8. A runoff prediction method, characterized in that, include: Acquire real-time multi-source data for the target watershed, including meteorological observation data, hydrological observation data, geospatial data, soil property data, remote sensing inversion data, and human activity records; Based on the real-time multi-source data, the dynamic temporal features, static spatial features, and dynamic spatial features of each sub-basin unit in the target watershed are extracted by a multimodal feature encoder to obtain the node feature vector of each sub-basin unit. The pre-constructed directed graph representing the spatial topology of the watershed and the node feature vectors of each sub-watershed unit are input into the multi-source input hydrological model, and the runoff prediction values ​​of each sub-watershed unit at future times are output. The multi-source input hydrological model is obtained according to any one of the methods described in claims 1-7. The predicted runoff values ​​are post-processed to output a future runoff prediction sequence for the target watershed.

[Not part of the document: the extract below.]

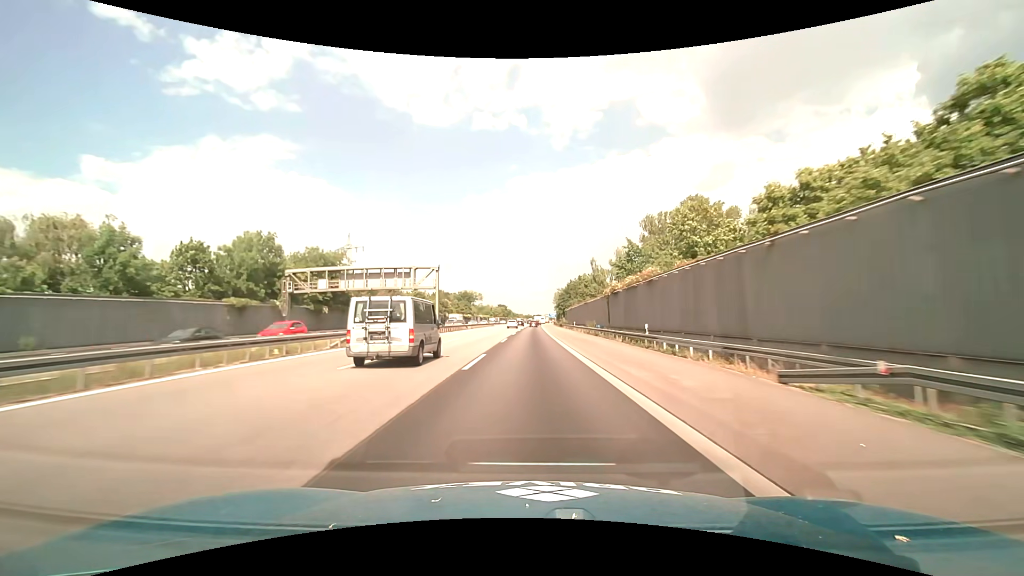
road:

9. A multi-source input hydrological model training device, characterized in that, include: The module is used to construct a directed graph representing the spatial topology of the watershed based on watershed geographic information and river topology data. Nodes represent sub-watershed units and are associated with physical attributes extracted from digital elevation models and soil data, while edges represent river connections and are associated with the hydraulic characteristics of river segments. The feature vector module is used to extract the dynamic temporal features and static geographic features of each node within the historical time window based on multi-source historical hydrological and meteorological data through a multimodal feature encoder, so as to obtain the node feature vector of each node. The prediction module is used to output the predicted runoff values ​​for each node at future times by spatial propagation of a graph neural network with the hydrological continuity equation as a hard constraint during message transmission, based on the directed graph and the node feature vectors of each node. The loss module is used to calculate the regularization term used to constrain the sensitivity of the model prediction to causal paths based on the counterfactual samples generated by intervening in the input variables according to the watershed physical model, and obtain the causal consistency regularization loss. The training module is used to train the graph neural network based on the data fitting error between the predicted and observed runoff values, the physical consistency loss calculated based on the discrete residuals of the Saint-Venant equations, and the causal consistency regularization loss, to obtain a trained hydrological process model.

10. An electronic device, characterized in that, include: At least one processor, at least one memory, and computer program instructions stored in the memory, which, when executed by the processor, implement the method as described in any one of claims 1-8.